WORKING DATA:
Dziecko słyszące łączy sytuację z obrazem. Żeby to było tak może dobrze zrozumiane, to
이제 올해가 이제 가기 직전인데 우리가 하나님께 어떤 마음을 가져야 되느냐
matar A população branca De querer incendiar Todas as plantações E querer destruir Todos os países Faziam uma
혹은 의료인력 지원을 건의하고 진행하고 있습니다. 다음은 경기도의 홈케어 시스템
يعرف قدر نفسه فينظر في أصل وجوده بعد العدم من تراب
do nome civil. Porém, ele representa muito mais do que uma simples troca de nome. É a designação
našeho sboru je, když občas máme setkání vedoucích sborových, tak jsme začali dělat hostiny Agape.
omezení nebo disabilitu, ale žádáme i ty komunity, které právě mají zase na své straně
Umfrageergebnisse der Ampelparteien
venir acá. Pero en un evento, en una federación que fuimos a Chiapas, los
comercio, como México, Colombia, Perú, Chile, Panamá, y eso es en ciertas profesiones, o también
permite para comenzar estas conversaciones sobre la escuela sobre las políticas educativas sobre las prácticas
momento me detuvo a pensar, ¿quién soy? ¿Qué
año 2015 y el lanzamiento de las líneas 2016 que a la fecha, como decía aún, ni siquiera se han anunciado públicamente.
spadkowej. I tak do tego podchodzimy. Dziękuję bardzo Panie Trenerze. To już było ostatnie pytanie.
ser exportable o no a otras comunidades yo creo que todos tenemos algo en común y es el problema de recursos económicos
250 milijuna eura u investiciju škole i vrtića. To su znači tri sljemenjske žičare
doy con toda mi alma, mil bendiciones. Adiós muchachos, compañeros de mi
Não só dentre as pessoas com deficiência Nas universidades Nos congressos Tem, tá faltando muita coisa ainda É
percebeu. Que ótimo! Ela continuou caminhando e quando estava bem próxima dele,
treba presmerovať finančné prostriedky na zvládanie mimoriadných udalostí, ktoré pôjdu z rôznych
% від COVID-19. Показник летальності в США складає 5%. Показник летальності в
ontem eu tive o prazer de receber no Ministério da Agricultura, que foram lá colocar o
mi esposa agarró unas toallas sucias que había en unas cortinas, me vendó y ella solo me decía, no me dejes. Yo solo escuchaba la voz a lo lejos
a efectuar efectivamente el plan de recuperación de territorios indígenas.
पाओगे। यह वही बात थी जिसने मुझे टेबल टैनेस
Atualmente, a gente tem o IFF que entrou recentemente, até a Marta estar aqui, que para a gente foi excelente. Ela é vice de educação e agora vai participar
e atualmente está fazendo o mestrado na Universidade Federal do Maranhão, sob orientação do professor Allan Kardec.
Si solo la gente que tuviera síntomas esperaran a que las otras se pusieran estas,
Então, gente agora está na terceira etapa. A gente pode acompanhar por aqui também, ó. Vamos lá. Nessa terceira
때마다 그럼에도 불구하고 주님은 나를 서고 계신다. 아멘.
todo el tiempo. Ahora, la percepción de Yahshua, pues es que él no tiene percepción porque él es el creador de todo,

WORK REQUEST:
Each record must be restated word for word, including the last line.

EXERCISE SOLUTION:
Dziecko słyszące łączy sytuację z obrazem. Żeby to było tak może dobrze zrozumiane, to
이제 올해가 이제 가기 직전인데 우리가 하나님께 어떤 마음을 가져야 되느냐
matar A população branca De querer incendiar Todas as plantações E querer destruir Todos os países Faziam uma
혹은 의료인력 지원을 건의하고 진행하고 있습니다. 다음은 경기도의 홈케어 시스템
يعرف قدر نفسه فينظر في أصل وجوده بعد العدم من تراب
do nome civil. Porém, ele representa muito mais do que uma simples troca de nome. É a designação
našeho sboru je, když občas máme setkání vedoucích sborových, tak jsme začali dělat hostiny Agape.
omezení nebo disabilitu, ale žádáme i ty komunity, které právě mají zase na své straně
Umfrageergebnisse der Ampelparteien
venir acá. Pero en un evento, en una federación que fuimos a Chiapas, los
comercio, como México, Colombia, Perú, Chile, Panamá, y eso es en ciertas profesiones, o también
permite para comenzar estas conversaciones sobre la escuela sobre las políticas educativas sobre las prácticas
momento me detuvo a pensar, ¿quién soy? ¿Qué
año 2015 y el lanzamiento de las líneas 2016 que a la fecha, como decía aún, ni siquiera se han anunciado públicamente.
spadkowej. I tak do tego podchodzimy. Dziękuję bardzo Panie Trenerze. To już było ostatnie pytanie.
ser exportable o no a otras comunidades yo creo que todos tenemos algo en común y es el problema de recursos económicos
250 milijuna eura u investiciju škole i vrtića. To su znači tri sljemenjske žičare
doy con toda mi alma, mil bendiciones. Adiós muchachos, compañeros de mi
Não só dentre as pessoas com deficiência Nas universidades Nos congressos Tem, tá faltando muita coisa ainda É
percebeu. Que ótimo! Ela continuou caminhando e quando estava bem próxima dele,
treba presmerovať finančné prostriedky na zvládanie mimoriadných udalostí, ktoré pôjdu z rôznych
% від COVID-19. Показник летальності в США складає 5%. Показник летальності в
ontem eu tive o prazer de receber no Ministério da Agricultura, que foram lá colocar o
mi esposa agarró unas toallas sucias que había en unas cortinas, me vendó y ella solo me decía, no me dejes. Yo solo escuchaba la voz a lo lejos
a efectuar efectivamente el plan de recuperación de territorios indígenas.
पाओगे। यह वही बात थी जिसने मुझे टेबल टैनेस
Atualmente, a gente tem o IFF que entrou recentemente, até a Marta estar aqui, que para a gente foi excelente. Ela é vice de educação e agora vai participar
e atualmente está fazendo o mestrado na Universidade Federal do Maranhão, sob orientação do professor Allan Kardec.
Si solo la gente que tuviera síntomas esperaran a que las otras se pusieran estas,
Então, gente agora está na terceira etapa. A gente pode acompanhar por aqui também, ó. Vamos lá. Nessa terceira
때마다 그럼에도 불구하고 주님은 나를 서고 계신다. 아멘.
todo el tiempo. Ahora, la percepción de Yahshua, pues es que él no tiene percepción porque él es el creador de todo,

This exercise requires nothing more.